By Sarah Klein The Huffington Post
Whether we’re trying to lose weight or just avoid gaining it, many of us think steering clear of dietary fat is the first step. Rather than cut out all fat, however, we’d be better served if we focused on what types of fat we’re getting.
The body needs some fat — just not too much. Fat gives your body energy, keeps your skin and hair healthy, helps you absorb certain vitamins and even keeps you warm, among other responsibilities.
A diet high in saturated fat — found in animal products and some vegetable oils — can lead to heart problems, but eating the right amount of unsaturated fats can protect the heart.
Unsaturated fats — including monounsaturated and polyunsaturated fats — are considered good-for-you fats. Polyunsaturated fats include the famed omega 3 and omega 6 fats, both considered essential fatty acids, because our bodies can’t make them on its own. Polyunsaturated fats can help lower total cholesterol, while monounsaturated fats can raise “good” cholesterol, or HDL, and lower “bad” cholesterol, or LDL.
The average adult should get about 20 to 35 percent of their daily calories from fat and less than 10 percent of their daily calories from saturated fats, according to the Dietary Guidelines for Americans. A gram of fat contains nine calories, so a daily diet comprised of 2,000 calories would even out to about 44 to 78 grams of total fat a day.
So where can you find these unsaturated fats? Look no further than the six healthy picks below.
Half of an avocado contains nearly 15 grams of fat total, and almost 10 of those are monounsaturated (2 grams are polyunsaturated). Try it in place of mayo on your next sandwich.
Almonds (And Other Nuts)
Just about any nut can make for a healthy fat-filled snack, but almonds happen to be the lowest in calories. One ounce — about 23 whole almonds — contains just over 14 grams of fat, including nearly 9 grams monounsaturated and about 3.5 polyunsaturated.
Salmon (And Other Fatty Fish)
Salmon may be one of the most well-known fatty fish, but tuna, mackerel and sardines also offer a heart-healthy dose of fats.
If you’re going to stick with the familiar, look for wild-caught salmon. A three-ounce serving of chinook (often the most expensive option, according to Eating Well), contains nearly 9 grams of fat, including nearly 4 grams monounsaturated and about 2.5 polyunsaturated. The milder coho salmon and the oilier sockeye both contain less, at around 5 total grams of fat, with nearly 2 grams each of mono- and polyunsaturated fat.
Olives (And Olive Oil)
Mixing 10 large olives into your next salad will add about 5 grams of fat, 3.5 of which are monounsaturated and .4 of which are polyunsaturated.
Not an olive fan? The oil is an even more concentrated source of healthy fats — just don’t be too heavy-handed on your pour: A single tablespoon contains over 13 grams of fat, nearly 10 of which are monounsaturated and about 1.5 are polyunsaturated.
Flax (And Other Seeds)
One tablespoon of whole flaxseed — which you can toss into salads, soups, smoothies, yogurt and more — contains just over 4 grams of fat, including nearly 1 gram monounsaturated and almost 3 grams polyunsaturated.
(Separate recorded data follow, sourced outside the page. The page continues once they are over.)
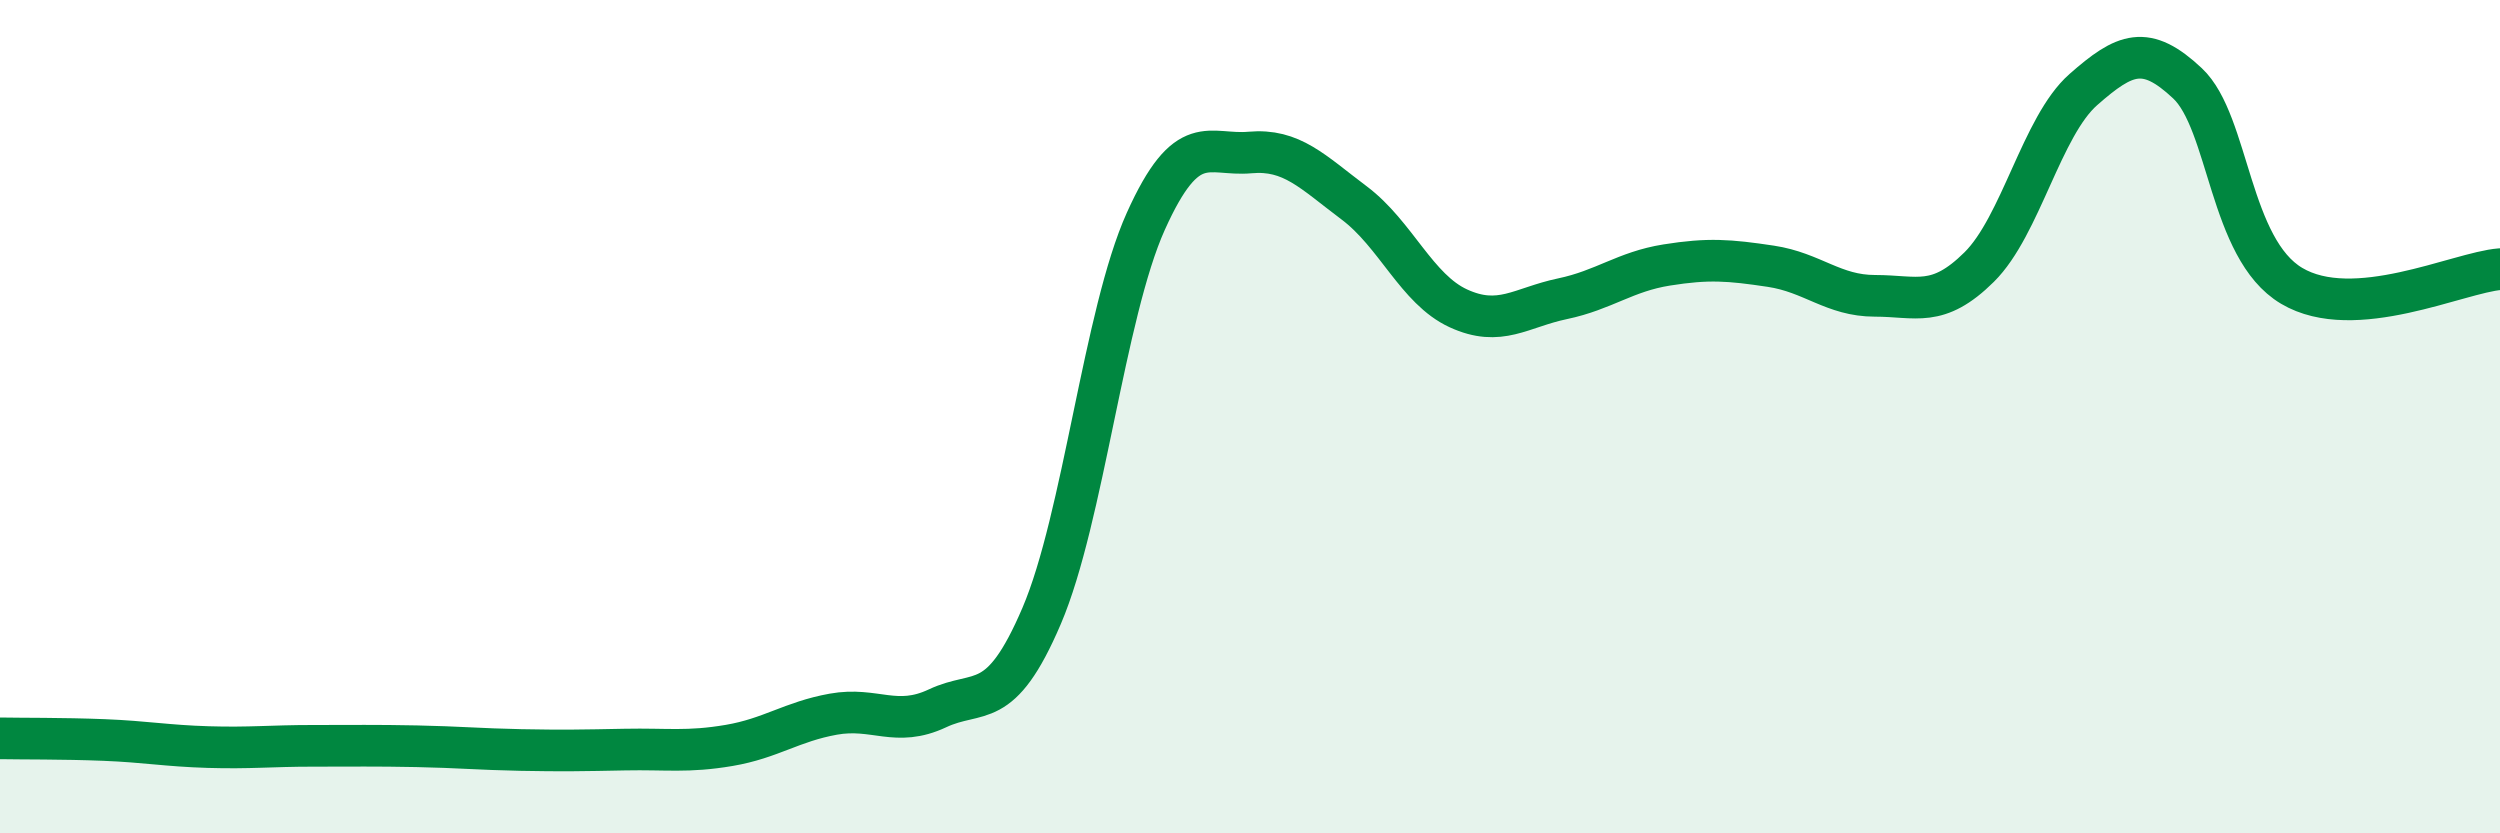
    <svg width="60" height="20" viewBox="0 0 60 20" xmlns="http://www.w3.org/2000/svg">
      <path
        d="M 0,17.72 C 0.5,17.73 1.5,17.72 2.5,17.76 C 3.5,17.8 4,17.9 5,17.93 C 6,17.96 6.5,17.9 7.5,17.9 C 8.5,17.9 9,17.89 10,17.91 C 11,17.93 11.5,17.98 12.5,18 C 13.5,18.02 14,18.01 15,17.99 C 16,17.97 16.5,18.06 17.5,17.89 C 18.5,17.72 19,17.32 20,17.14 C 21,16.96 21.5,17.47 22.5,17 C 23.5,16.53 24,17.12 25,14.78 C 26,12.44 26.5,7.53 27.5,5.31 C 28.5,3.09 29,3.75 30,3.66 C 31,3.57 31.5,4.12 32.5,4.87 C 33.5,5.62 34,6.94 35,7.4 C 36,7.86 36.5,7.38 37.5,7.17 C 38.5,6.96 39,6.52 40,6.36 C 41,6.2 41.5,6.24 42.5,6.39 C 43.5,6.54 44,7.1 45,7.1 C 46,7.1 46.5,7.4 47.5,6.41 C 48.5,5.42 49,3.03 50,2.15 C 51,1.27 51.5,1.06 52.5,2 C 53.5,2.94 53.5,5.97 55,6.86 C 56.5,7.75 59,6.54 60,6.46L60 20L0 20Z"
        fill="#008740"
        opacity="0.1"
        stroke-linecap="round"
        stroke-linejoin="round"
      />
      <path
        d="M 0,17.72 C 0.5,17.73 1.5,17.72 2.5,17.76 C 3.5,17.8 4,17.9 5,17.93 C 6,17.96 6.5,17.9 7.5,17.9 C 8.5,17.9 9,17.89 10,17.91 C 11,17.93 11.5,17.98 12.5,18 C 13.5,18.02 14,18.01 15,17.99 C 16,17.97 16.5,18.06 17.5,17.89 C 18.5,17.72 19,17.32 20,17.14 C 21,16.96 21.5,17.47 22.5,17 C 23.5,16.53 24,17.12 25,14.78 C 26,12.44 26.5,7.53 27.5,5.31 C 28.5,3.09 29,3.75 30,3.66 C 31,3.57 31.5,4.12 32.5,4.87 C 33.5,5.62 34,6.94 35,7.4 C 36,7.86 36.5,7.38 37.5,7.17 C 38.5,6.96 39,6.52 40,6.36 C 41,6.2 41.5,6.24 42.5,6.39 C 43.5,6.54 44,7.1 45,7.1 C 46,7.1 46.5,7.4 47.5,6.41 C 48.5,5.42 49,3.03 50,2.15 C 51,1.27 51.5,1.06 52.5,2 C 53.5,2.94 53.5,5.97 55,6.86 C 56.5,7.75 59,6.54 60,6.46"
        stroke="#008740"
        stroke-width="1"
        fill="none"
        stroke-linecap="round"
        stroke-linejoin="round"
      />
    </svg>

Flax seeds also contain anywhere from 75 to 800 times more lignans, a component of plants that act as antioxidants, than other plant foods, WebMD reported.
A tablespoon of sesame seeds contains about 1.5 grams of monounsaturated fat and 2 grams of polyunsaturated fat. And an ounce of pumpkin seeds pack about 2 grams of monounsaturated fat and 2.5 grams of polyunsaturated fat.
One large, whole egg has almost 5 grams of fat, including roughly 2 grams monounsaturated and about 1 polyunsaturated.